YOUR INSTRUCTIONS: Lines holding the word "glass" are the ones to copy from the data below.

(Source records)
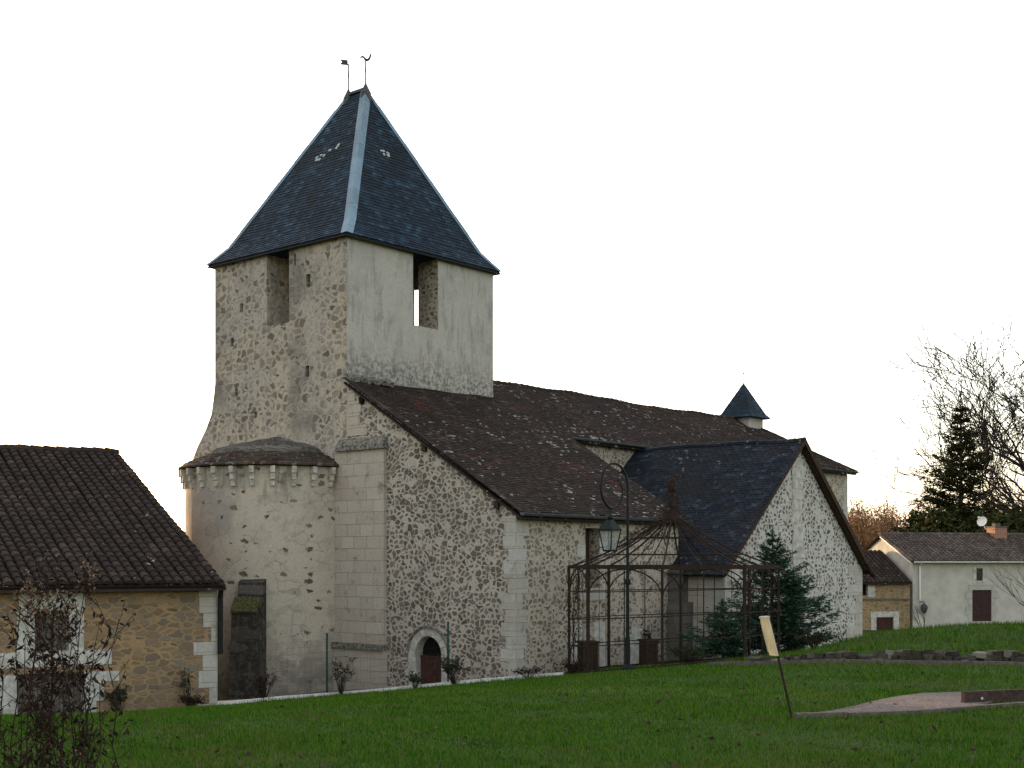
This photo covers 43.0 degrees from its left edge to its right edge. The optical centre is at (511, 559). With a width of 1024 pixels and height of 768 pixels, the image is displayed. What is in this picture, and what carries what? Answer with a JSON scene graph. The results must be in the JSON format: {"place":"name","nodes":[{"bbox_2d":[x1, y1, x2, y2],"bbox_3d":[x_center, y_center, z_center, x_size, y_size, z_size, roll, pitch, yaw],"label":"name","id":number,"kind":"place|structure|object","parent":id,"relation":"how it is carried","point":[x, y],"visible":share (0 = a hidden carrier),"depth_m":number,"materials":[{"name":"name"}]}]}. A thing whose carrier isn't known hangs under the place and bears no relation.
{"place":"outdoors","nodes":[
{"label":"outdoors","id":0,"kind":"place"},
{"bbox_2d":[217,688,379,701],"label":"path","id":1,"kind":"structure","parent":0,"point":[305,693],"depth_m":42.04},
{"bbox_2d":[0,620,1023,767],"bbox_3d":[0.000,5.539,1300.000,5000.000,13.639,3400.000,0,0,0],"label":"ground","id":2,"kind":"structure","parent":0,"point":[864,632],"depth_m":16.10,"materials":[{"name":"green plant"}]},
{"bbox_2d":[0,579,67,767],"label":"dried plant","id":3,"kind":"object","parent":2,"relation":"on","point":[30,674],"visible":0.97,"depth_m":6.85,"materials":[{"name":"brown plant"}]},
{"bbox_2d":[0,591,73,767],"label":"dried plant","id":4,"kind":"object","parent":2,"relation":"on","point":[21,710],"visible":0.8,"depth_m":6.99,"materials":[{"name":"brown plant"}]},
{"bbox_2d":[7,544,81,767],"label":"dried plant","id":5,"kind":"object","parent":2,"relation":"on","point":[50,639],"visible":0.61,"depth_m":7.28,"materials":[{"name":"brown plant"}]},
{"bbox_2d":[18,560,107,767],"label":"dried plant","id":6,"kind":"object","parent":2,"relation":"on","point":[73,620],"visible":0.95,"depth_m":7.02,"materials":[{"name":"brown plant"}]},
{"bbox_2d":[9,571,138,767],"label":"dried plant","id":7,"kind":"object","parent":2,"relation":"on","point":[83,681],"visible":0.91,"depth_m":7.13,"materials":[{"name":"brown plant"}]},
{"bbox_2d":[70,743,128,767],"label":"dried plant","id":8,"kind":"object","parent":2,"relation":"on","point":[88,765],"visible":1,"depth_m":6.85,"materials":[{"name":"brown plant"}]},
{"bbox_2d":[0,444,225,714],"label":"barn","id":9,"kind":"structure","parent":2,"relation":"on","point":[104,510],"depth_m":35.49,"materials":[{"name":"stone"}]},
{"bbox_2d":[17,672,80,713],"bbox_3d":[-12.064,4.460,33.807,1.660,3.080,0.070,0,0,-33],"label":"stable door","id":10,"kind":"structure","parent":9,"relation":"in","point":[58,703],"depth_m":33.87,"materials":[{"name":"brown wood"}]},
{"bbox_2d":[0,593,118,714],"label":"window","id":11,"kind":"structure","parent":9,"relation":"in","point":[9,686],"depth_m":33.70,"materials":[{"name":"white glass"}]},
{"bbox_2d":[104,684,128,710],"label":"evergreen bush","id":12,"kind":"object","parent":2,"relation":"on","point":[119,699],"visible":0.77,"depth_m":34.27,"materials":[{"name":"green plant"}]},
{"bbox_2d":[174,667,192,705],"bbox_3d":[-8.986,3.487,35.207,0.726,1.223,0.616,0,0,0],"label":"rose bush","id":13,"kind":"object","parent":2,"relation":"on","point":[183,684],"visible":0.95,"depth_m":35.18,"materials":[{"name":"green plant"}]},
{"bbox_2d":[174,692,206,706],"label":"dry tuft","id":14,"kind":"object","parent":2,"relation":"on","point":[191,701],"visible":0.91,"depth_m":34.97,"materials":[{"name":"brown plant"}]},
{"bbox_2d":[246,668,278,697],"bbox_3d":[-7.199,3.622,37.642,0.990,1.039,1.549,0,0,0],"label":"rose bush","id":15,"kind":"object","parent":2,"relation":"on","point":[262,690],"visible":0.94,"depth_m":37.53,"materials":[{"name":"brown plant"}]},
{"bbox_2d":[189,622,448,698],"bbox_3d":[-5.715,3.006,37.920,7.685,2.347,1.700,0,0,-24],"label":"wire fence","id":16,"kind":"object","parent":2,"relation":"on","point":[327,645],"visible":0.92,"depth_m":38.77,"materials":[{"name":"green metal"}]},
{"bbox_2d":[331,656,356,694],"bbox_3d":[-5.002,3.462,38.709,0.790,1.241,1.008,0,0,0],"label":"rose bush","id":17,"kind":"object","parent":2,"relation":"on","point":[343,678],"visible":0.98,"depth_m":38.57,"materials":[{"name":"green plant"}]},
{"bbox_2d":[217,672,563,704],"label":"kerb","id":18,"kind":"structure","parent":2,"relation":"on","point":[363,691],"depth_m":38.19,"materials":[{"name":"white concrete"}]},
{"bbox_2d":[402,670,426,688],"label":"plant","id":19,"kind":"object","parent":2,"relation":"on","point":[414,678],"visible":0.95,"depth_m":38.61,"materials":[{"name":"green plant"}]},
{"bbox_2d":[437,653,470,683],"bbox_3d":[-1.691,3.228,38.300,0.968,1.016,0.903,0,0,-25],"label":"rose bush","id":20,"kind":"object","parent":2,"relation":"on","point":[448,667],"visible":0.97,"depth_m":38.34,"materials":[{"name":"green plant"}]},
{"bbox_2d":[1,623,1023,767],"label":"fallen leaves","id":21,"kind":"object","parent":2,"relation":"on","point":[712,738],"visible":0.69,"depth_m":14.90,"materials":[{"name":"brown plant"}]},
{"bbox_2d":[178,54,876,700],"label":"church","id":22,"kind":"structure","parent":2,"relation":"on","point":[368,462],"depth_m":44.21,"materials":[{"name":"beige stone"}]},
{"bbox_2d":[406,625,450,685],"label":"door","id":23,"kind":"structure","parent":22,"relation":"in","point":[417,635],"depth_m":41.22,"materials":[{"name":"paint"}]},
{"bbox_2d":[577,528,605,600],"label":"window","id":24,"kind":"structure","parent":22,"relation":"in","point":[582,550],"depth_m":41.72,"materials":[{"name":"grey stone"}]},
{"bbox_2d":[781,574,809,651],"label":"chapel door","id":25,"kind":"structure","parent":22,"relation":"in","point":[795,574],"depth_m":48.25,"materials":[{"name":"brown wood"}]},
{"bbox_2d":[511,665,544,677],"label":"dry tuft","id":26,"kind":"object","parent":2,"relation":"on","point":[530,670],"visible":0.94,"depth_m":37.35,"materials":[{"name":"brown plant"}]},
{"bbox_2d":[552,658,594,673],"bbox_3d":[1.736,3.136,37.749,1.176,0.541,1.116,0,0,19],"label":"dry tuft","id":27,"kind":"object","parent":2,"relation":"on","point":[571,666],"visible":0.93,"depth_m":37.83,"materials":[{"name":"brown plant"}]},
{"bbox_2d":[576,640,599,670],"bbox_3d":[2.305,2.913,39.400,0.580,0.920,0.580,0,0,-17],"label":"planter box","id":28,"kind":"object","parent":2,"relation":"on","point":[594,654],"visible":0.71,"depth_m":39.19,"materials":[{"name":"brown wood"}]},
{"bbox_2d":[597,462,632,671],"bbox_3d":[2.713,0.253,33.991,0.460,5.609,1.388,0,0,40],"label":"street lamp","id":29,"kind":"object","parent":2,"relation":"on","point":[609,524],"visible":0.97,"depth_m":34.31,"materials":[{"name":"black metal"}]},
{"bbox_2d":[637,639,659,666],"bbox_3d":[4.189,2.848,39.900,0.500,0.840,0.500,0,0,-29],"label":"planter box","id":30,"kind":"object","parent":2,"relation":"on","point":[648,653],"visible":0.82,"depth_m":39.74,"materials":[{"name":"brown wood"}]},
{"bbox_2d":[640,624,651,638],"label":"potted plant","id":31,"kind":"object","parent":30,"relation":"in","point":[649,634],"visible":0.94,"depth_m":39.83,"materials":[{"name":"green plant"}]},
{"bbox_2d":[568,468,779,672],"bbox_3d":[4.680,0.364,38.000,5.727,6.128,5.727,0,0,-11],"label":"gazebo","id":32,"kind":"object","parent":2,"relation":"on","point":[700,567],"visible":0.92,"depth_m":37.27,"materials":[{"name":"metal"}]},
{"bbox_2d":[553,474,715,673],"bbox_3d":[3.600,0.458,37.718,4.780,5.980,3.226,0,0,0],"label":"climbing vine","id":33,"kind":"object","parent":32,"relation":"attached to","point":[638,534],"visible":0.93,"depth_m":38.01,"materials":[{"name":"brown plant"}]},
{"bbox_2d":[658,644,717,664],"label":"undergrowth","id":34,"kind":"object","parent":2,"relation":"on","point":[682,653],"visible":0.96,"depth_m":36.26,"materials":[{"name":"green plant"}]},
{"bbox_2d":[678,599,768,658],"bbox_3d":[6.512,2.208,39.577,2.999,2.184,2.804,0,0,0],"label":"fir sapling","id":35,"kind":"object","parent":2,"relation":"on","point":[726,650],"visible":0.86,"depth_m":39.46,"materials":[{"name":"green plant"}]},
{"bbox_2d":[701,525,843,654],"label":"fir tree","id":36,"kind":"object","parent":2,"relation":"on","point":[791,620],"visible":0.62,"depth_m":41.08,"materials":[{"name":"green plant"}]},
{"bbox_2d":[759,615,792,718],"bbox_3d":[3.393,1.440,16.476,0.445,1.480,0.449,0,0,0],"label":"sign","id":37,"kind":"object","parent":2,"relation":"on","point":[768,634],"visible":0.92,"depth_m":16.55,"materials":[{"name":"wood"}]},
{"bbox_2d":[709,658,845,665],"bbox_3d":[6.444,2.548,31.954,0.100,0.498,4.212,0,0,-39],"label":"timber edging","id":38,"kind":"object","parent":2,"relation":"on","point":[784,661],"visible":0.55,"depth_m":31.71,"materials":[{"name":"wood"}]},
{"bbox_2d":[783,628,837,648],"bbox_3d":[8.265,2.206,35.930,1.063,0.636,1.140,0,0,-31],"label":"weed","id":39,"kind":"object","parent":2,"relation":"on","point":[809,639],"visible":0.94,"depth_m":35.89,"materials":[{"name":"green plant"}]},
{"bbox_2d":[793,711,846,718],"bbox_3d":[3.985,2.031,16.800,0.817,0.143,0.090,0,0,-26],"label":"timber edging","id":40,"kind":"object","parent":2,"relation":"on","point":[841,714],"visible":0.57,"depth_m":16.76,"materials":[{"name":"grey wood"}]},
{"bbox_2d":[835,621,848,640],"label":"weed","id":41,"kind":"object","parent":2,"relation":"on","point":[843,632],"visible":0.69,"depth_m":39.94,"materials":[{"name":"green plant"}]},
{"bbox_2d":[823,692,926,711],"bbox_3d":[5.180,2.113,18.890,0.060,0.214,5.204,0,0,36],"label":"timber edging","id":42,"kind":"object","parent":2,"relation":"on","point":[859,705],"visible":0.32,"depth_m":18.41,"materials":[{"name":"wood"}]},
{"bbox_2d":[746,649,1023,661],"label":"garden wall","id":43,"kind":"structure","parent":2,"relation":"on","point":[954,655],"depth_m":29.43,"materials":[{"name":"stone"}]},
{"bbox_2d":[862,550,911,629],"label":"outbuilding","id":44,"kind":"structure","parent":2,"relation":"on","point":[885,594],"depth_m":84.63,"materials":[{"name":"stone"}]},
{"bbox_2d":[868,586,898,629],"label":"door frame","id":45,"kind":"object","parent":44,"relation":"in","point":[879,620],"depth_m":84.56,"materials":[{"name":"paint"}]},
{"bbox_2d":[847,706,972,716],"bbox_3d":[5.359,2.063,17.495,2.224,0.140,0.090,0,0,-27],"label":"timber edging","id":46,"kind":"object","parent":2,"relation":"on","point":[932,710],"visible":0.5,"depth_m":17.48,"materials":[{"name":"wood"}]},
{"bbox_2d":[903,592,927,627],"bbox_3d":[11.947,1.516,38.609,0.973,1.330,0.868,0,0,0],"label":"bare shrub","id":47,"kind":"object","parent":2,"relation":"on","point":[917,613],"visible":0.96,"depth_m":38.43,"materials":[{"name":"brown plant"}]},
{"bbox_2d":[844,659,1023,666],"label":"timber edging","id":48,"kind":"object","parent":2,"relation":"on","point":[968,663],"visible":0.51,"depth_m":28.38,"materials":[{"name":"wood"}]},
{"bbox_2d":[902,506,969,532],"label":"evergreen tree","id":49,"kind":"object","parent":2,"relation":"on","point":[932,516],"visible":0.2,"depth_m":104.84,"materials":[{"name":"green plant"}]},
{"bbox_2d":[848,489,1023,549],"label":"woodland","id":50,"kind":"object","parent":2,"relation":"on","point":[875,527],"depth_m":141.09,"materials":[{"name":"brown plant"}]},
{"bbox_2d":[856,297,1023,532],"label":"bare tree","id":51,"kind":"object","parent":2,"relation":"on","point":[987,436],"visible":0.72,"depth_m":117.75,"materials":[{"name":"brown plant"}]},
{"bbox_2d":[864,516,1023,628],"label":"house","id":52,"kind":"structure","parent":2,"relation":"on","point":[942,571],"depth_m":85.99,"materials":[{"name":"paint"}]},
{"bbox_2d":[973,565,985,583],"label":"window","id":53,"kind":"structure","parent":52,"relation":"in","point":[977,569],"depth_m":85.89,"materials":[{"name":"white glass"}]},
{"bbox_2d":[889,391,1015,532],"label":"conifer","id":54,"kind":"object","parent":2,"relation":"on","point":[949,474],"visible":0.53,"depth_m":107.64,"materials":[{"name":"green plant"}]},
{"bbox_2d":[949,508,1023,532],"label":"evergreen tree","id":55,"kind":"object","parent":2,"relation":"on","point":[994,517],"visible":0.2,"depth_m":101.86,"materials":[{"name":"green plant"}]},
{"bbox_2d":[961,689,1023,702],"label":"bed plank","id":56,"kind":"object","parent":2,"relation":"on","point":[1011,695],"visible":0.84,"depth_m":19.00,"materials":[{"name":"wood"}]},
{"bbox_2d":[969,701,1023,709],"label":"timber edging","id":57,"kind":"object","parent":2,"relation":"on","point":[975,707],"visible":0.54,"depth_m":18.21,"materials":[{"name":"grey wood"}]},
{"bbox_2d":[977,542,1023,605],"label":"bare sapling","id":58,"kind":"object","parent":2,"relation":"on","point":[1007,580],"visible":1,"depth_m":37.12,"materials":[{"name":"brown plant"}]},
{"bbox_2d":[1002,504,1023,532],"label":"evergreen tree","id":59,"kind":"object","parent":2,"relation":"on","point":[1017,508],"visible":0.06,"depth_m":103.93,"materials":[{"name":"green plant"}]},
{"bbox_2d":[0,0,1023,530],"label":"sky","id":60,"kind":"structure","parent":0,"point":[671,200],"materials":[{"name":"white"}]},
{"bbox_2d":[829,692,993,711],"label":"gravel path","id":61,"kind":"structure","parent":0,"point":[927,700],"depth_m":18.77,"materials":[{"name":"beige gravel"}]}
]}

THE ANSWER:
{"bbox_2d":[0,593,118,714],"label":"window","id":11,"kind":"structure","parent":9,"relation":"in","point":[9,686],"depth_m":33.70,"materials":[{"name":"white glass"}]},
{"bbox_2d":[973,565,985,583],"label":"window","id":53,"kind":"structure","parent":52,"relation":"in","point":[977,569],"depth_m":85.89,"materials":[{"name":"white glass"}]},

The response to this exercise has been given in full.